Who knows volvos? What would be involved in this? Are they the same engine, and it's just a matter of slapping the turbo stuff on, or is it more involved than that? Also - the non-turbo came with a manual gearbox while the turbo was automatic only. Any reason that manual wouldn't be happy behind the boosted motor?
IIRC the turbos were available with a manual in Europe, so there is at least a Volvo manual trans that takes this sort of power.
I don't think it's as easy as just slapping a turbo on, though.
I would expect your weak point would be the clutch. There's a guy out here pushing a good amount of pressure from a Garrett through a 5 cyl with a Volvo manual transmission. I don't see how it could be extremely complex. How will it be oiled?
from what I have heard.. the manual box attached to the 2.4 is STRONGER than the autobox attached to the turbo engine.
Personally, I am waiting to see how this thought process pans out
I did some research on this a while back.
The short answer is that it is FAR easier to swap a 5-speed into a Turbo car than the other way around.
The motors are not the same and it is not as easy as throwing some turbo bits on a N/A engine
yeha22
New Reader
12/11/12 12:23 p.m.
So what about that manual trans? Would it bolt up straight to the 2.3 Turbo motor?
The manual trans will bolt right up to the turbo car. There's something you have to do with the ECU/TCU, but I'm not up to speed on that. Mechanically everything just drops right in.
Keep in mind you're putting 200+hp down through the front wheels, so there's only so much you're going to do before it's just one wheel peel and torque steer city. It would still be a fun ride, though.
yeha22 wrote:
So what about that manual trans? Would it bolt up straight to the 2.3 Turbo motor?
I think so. If I recall correctly, there was a change mid-production. So if the subject car is a '94 or '95 then the donated M/T has to come from a '94/'95 - likewise with the '96/'97. But that's from memory.

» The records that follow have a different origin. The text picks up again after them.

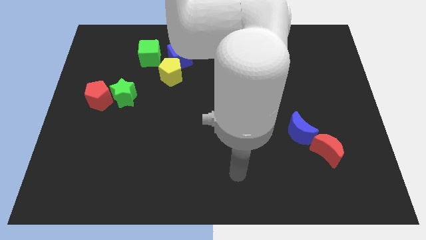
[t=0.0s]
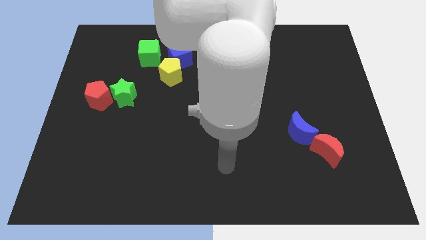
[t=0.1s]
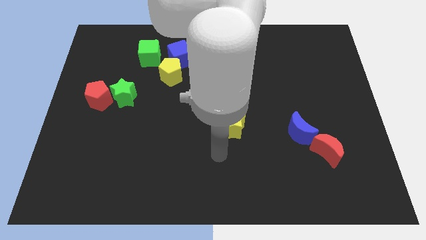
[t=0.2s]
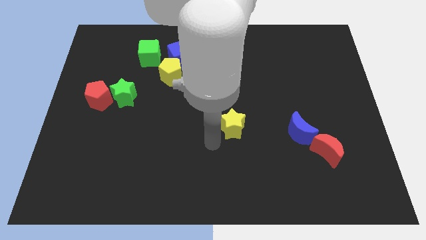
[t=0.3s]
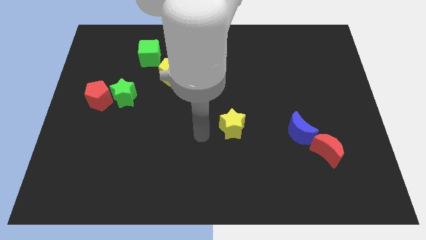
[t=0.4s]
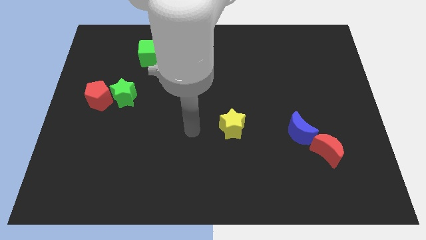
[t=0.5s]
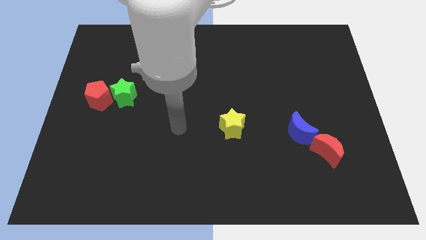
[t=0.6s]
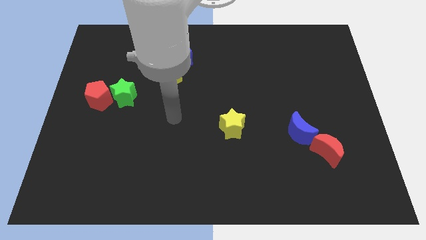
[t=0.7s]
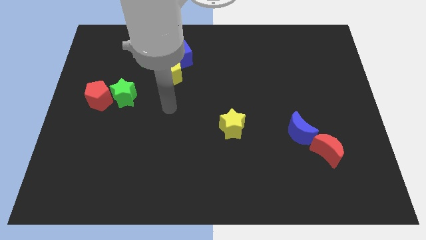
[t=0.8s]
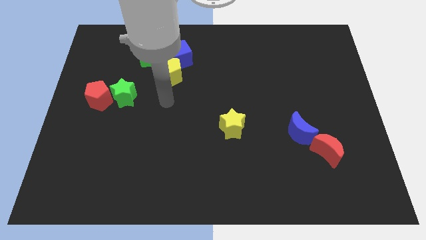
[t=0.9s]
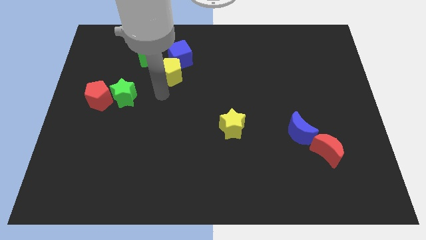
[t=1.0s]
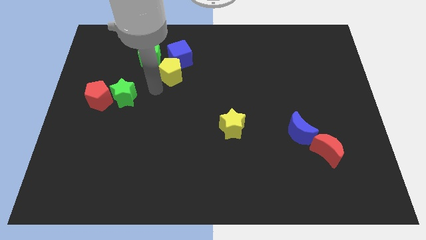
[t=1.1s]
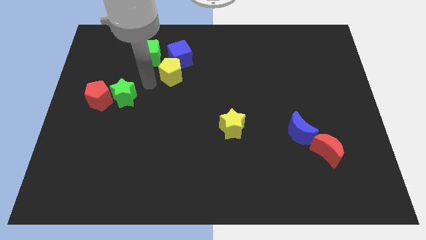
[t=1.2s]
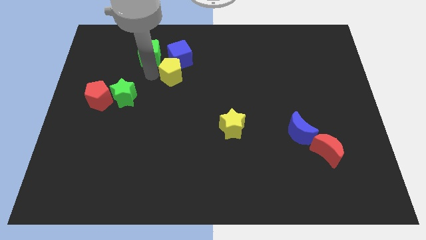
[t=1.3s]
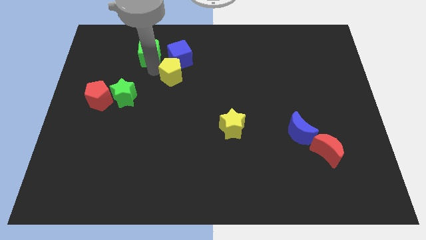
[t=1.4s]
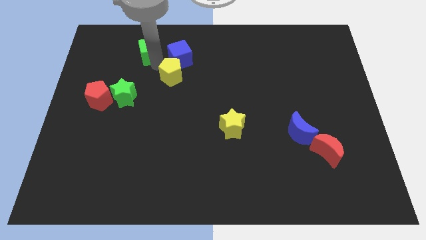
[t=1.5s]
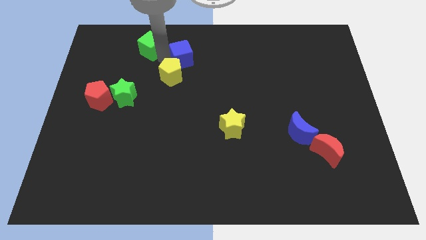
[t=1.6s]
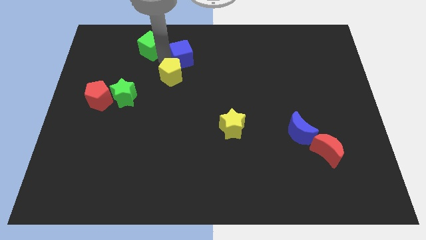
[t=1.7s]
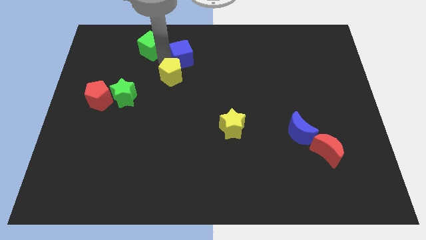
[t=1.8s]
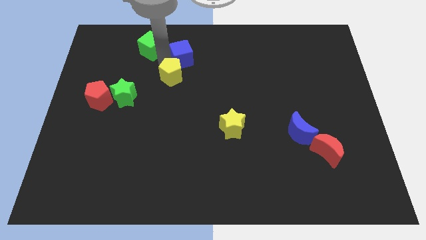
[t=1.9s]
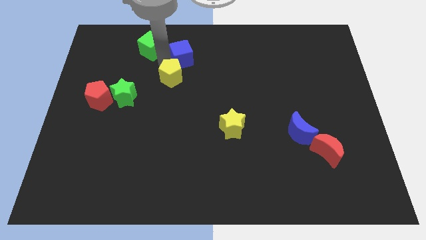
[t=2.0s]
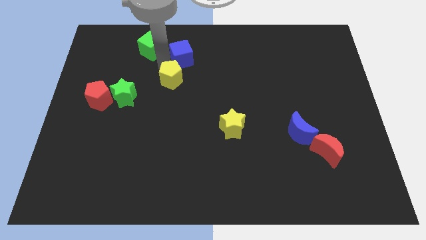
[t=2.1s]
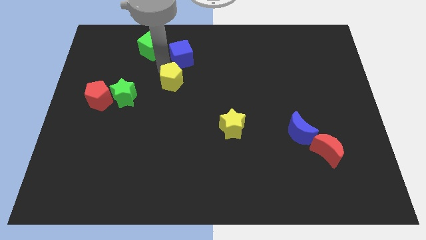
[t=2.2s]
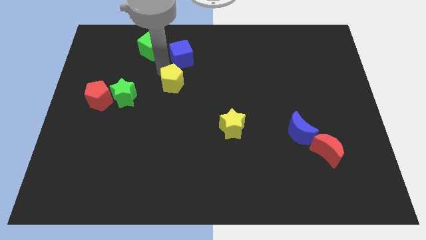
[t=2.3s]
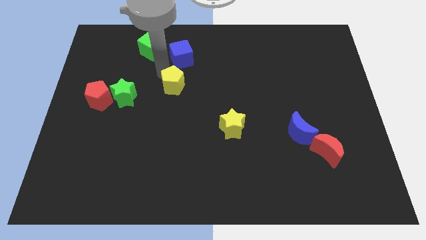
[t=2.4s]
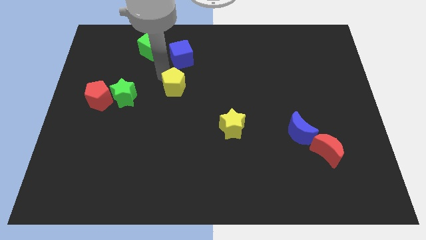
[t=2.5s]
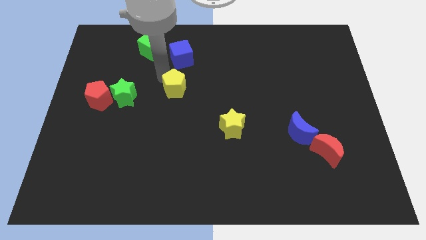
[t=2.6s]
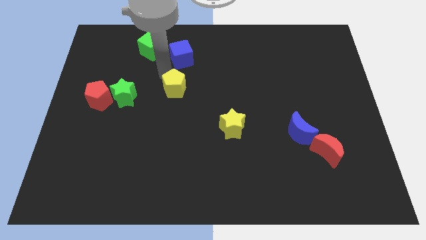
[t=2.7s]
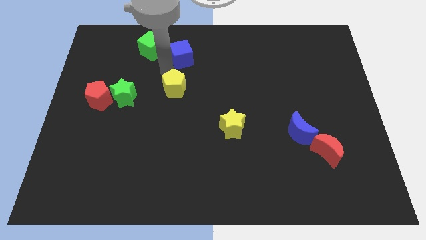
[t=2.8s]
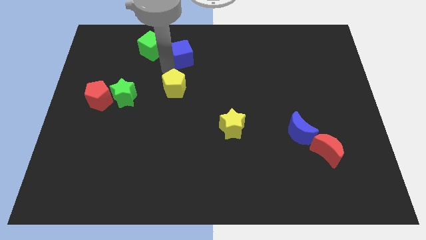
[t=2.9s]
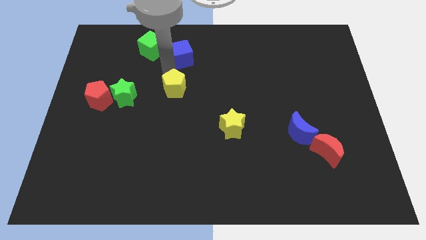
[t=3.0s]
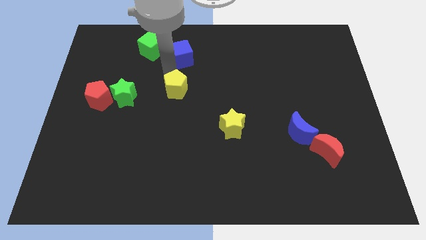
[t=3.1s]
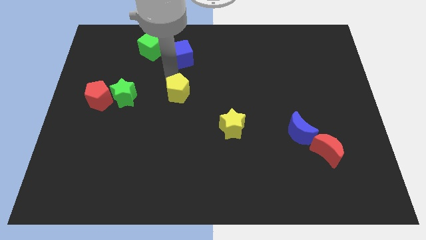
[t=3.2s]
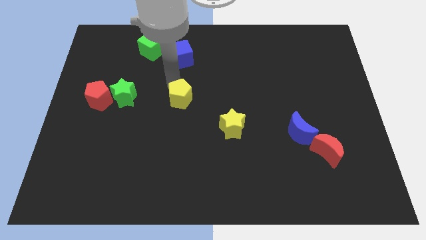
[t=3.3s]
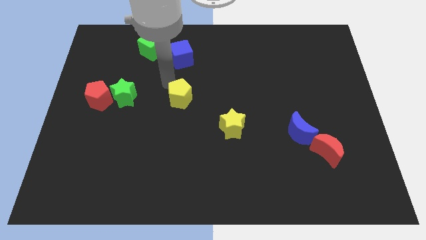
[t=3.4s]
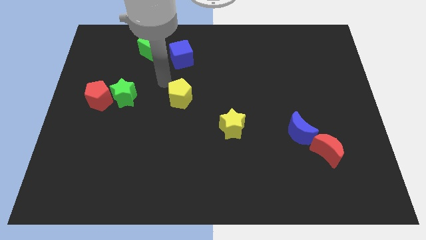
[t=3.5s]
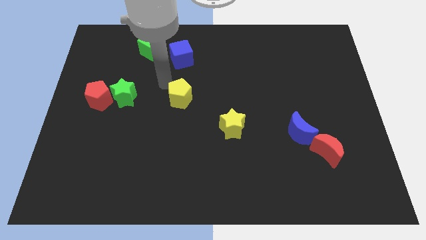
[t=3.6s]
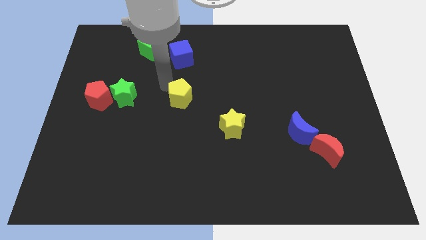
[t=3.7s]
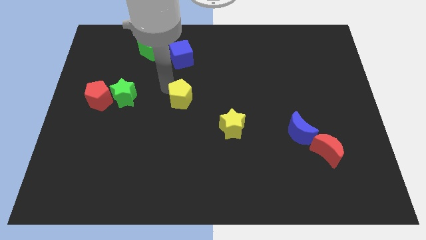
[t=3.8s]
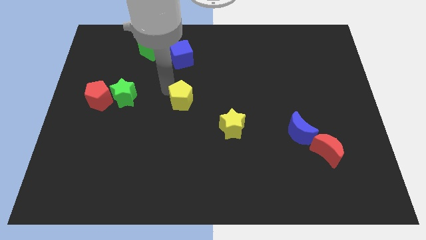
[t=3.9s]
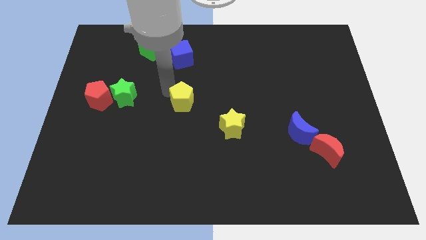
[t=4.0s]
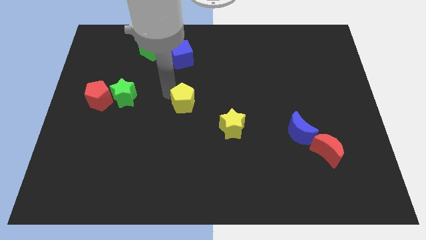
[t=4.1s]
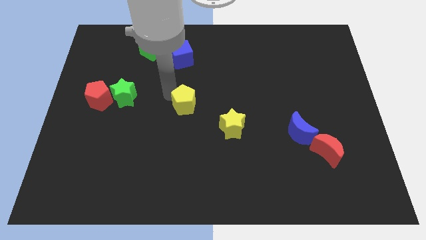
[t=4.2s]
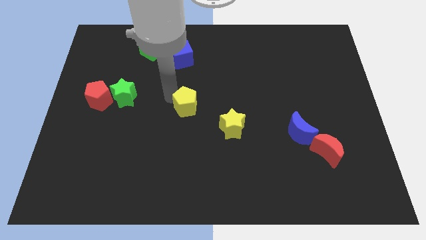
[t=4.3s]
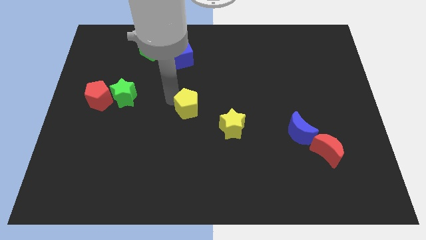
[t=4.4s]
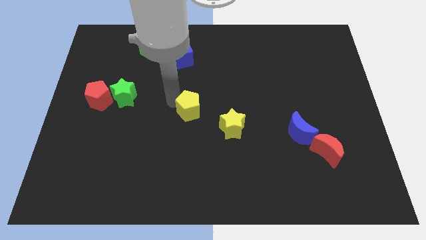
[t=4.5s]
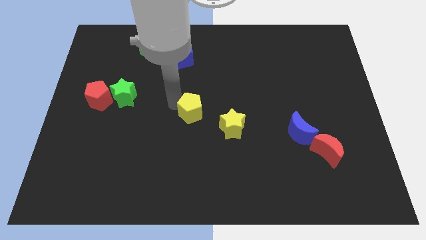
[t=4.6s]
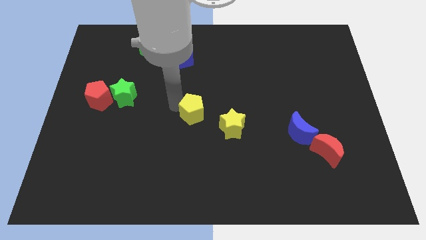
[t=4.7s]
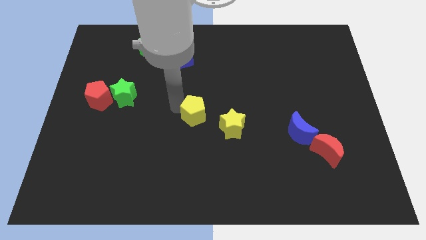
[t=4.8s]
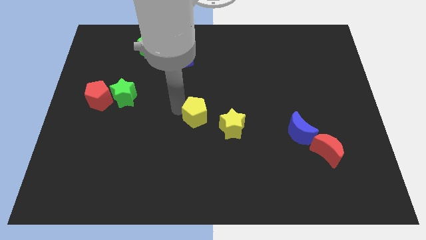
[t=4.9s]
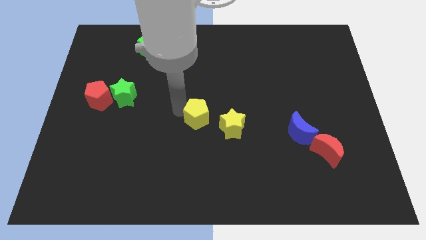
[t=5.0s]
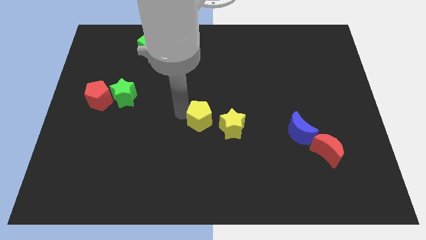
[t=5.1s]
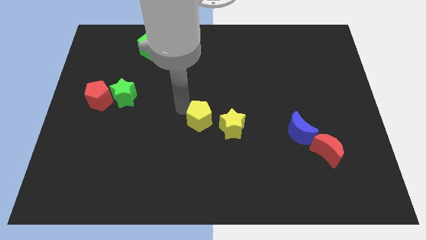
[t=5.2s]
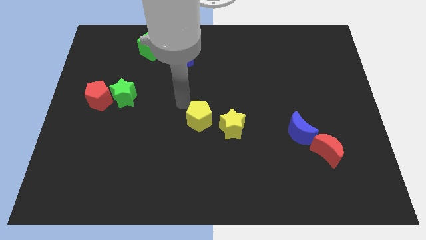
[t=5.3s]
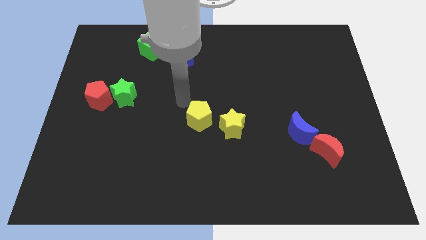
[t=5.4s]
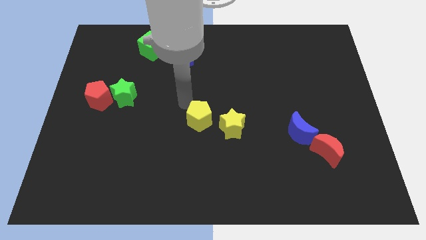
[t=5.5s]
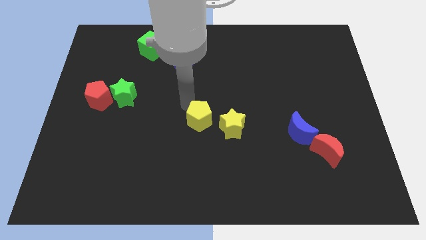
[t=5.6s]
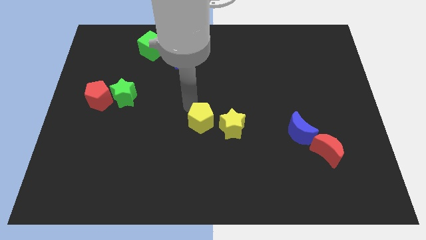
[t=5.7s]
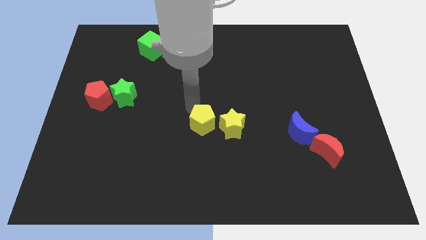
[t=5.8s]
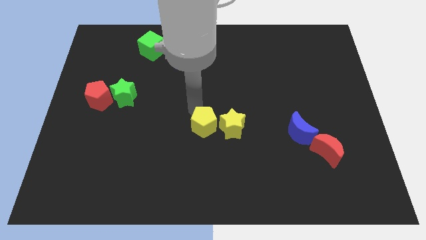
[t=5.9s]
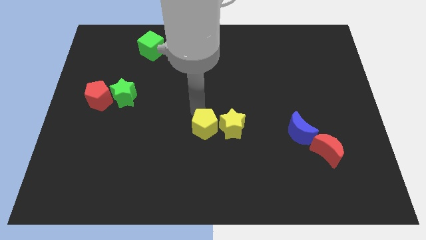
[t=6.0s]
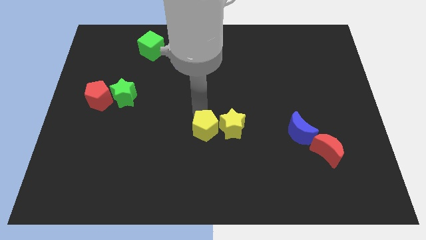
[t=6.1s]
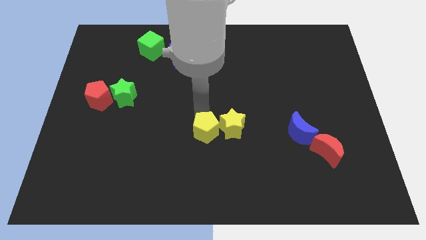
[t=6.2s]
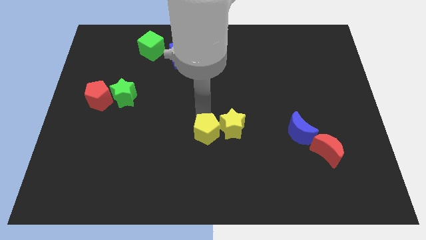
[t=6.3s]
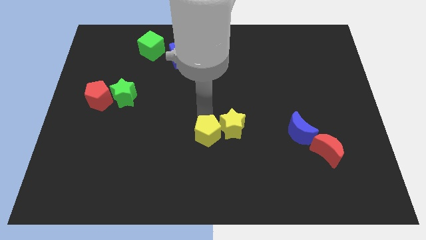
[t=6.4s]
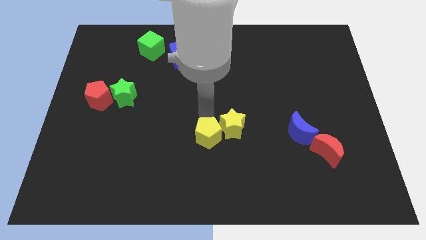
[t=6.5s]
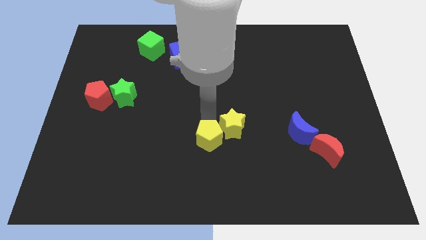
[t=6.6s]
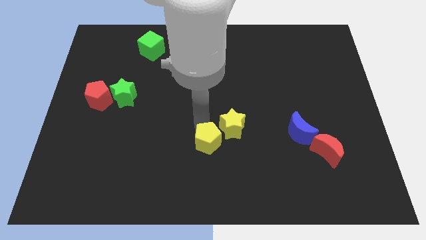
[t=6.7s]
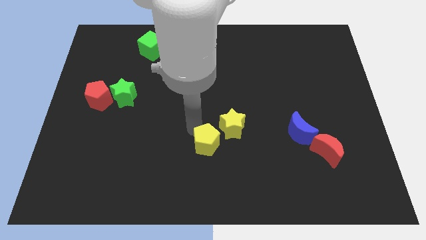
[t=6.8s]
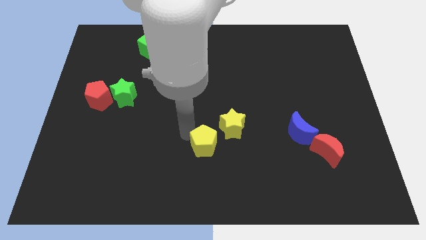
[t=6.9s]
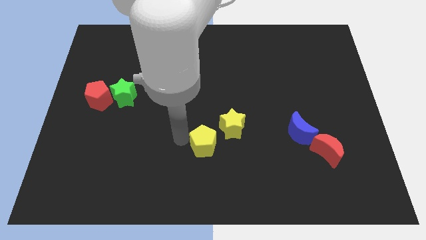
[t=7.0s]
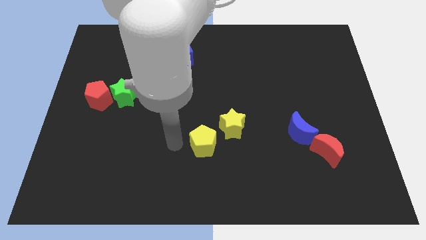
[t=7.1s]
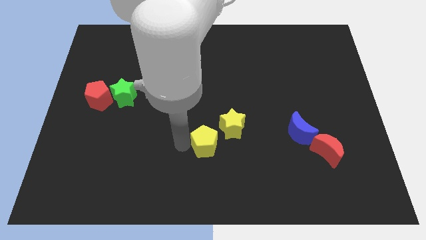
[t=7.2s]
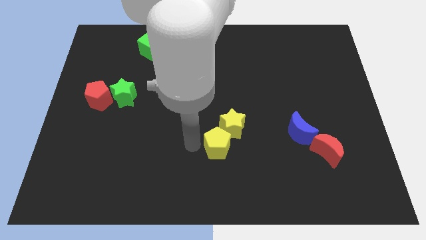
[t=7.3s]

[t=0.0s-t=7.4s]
slide the yellow pentagon down and then right

I never carried through with it, but I recall it sounded relatively straightforward.
Shaun
HalfDork
12/11/12 12:38 p.m.
The 5 speed found in the NA 850s and s60 v70s is nearly identical to the R versions in the Canadian and European cars. They do not have the torsen type limited slip and have lower first and second gears. The volvo oem R clutch/pressure plate is available here and works fine. many many people have successfully made the swap and there is a quaife unit available. no one seems to care about the shorter first and second. there are holes for the pedals and such so it is nearly a bolt on. there is a speed sensor wiring change IIRC, but its pretty cheap and there are lots of gearboxes in the yards.
the NA 5 banger is 2.5l instead of 2.3l with the same liners so there is less steel. the high pressure turbo 2.3 liter 5 banger has sodium filled exhaust valves and oil squirters aimed at the bottom of the pistons and higher compression. I think it's 10/1 instead of 8.5/1.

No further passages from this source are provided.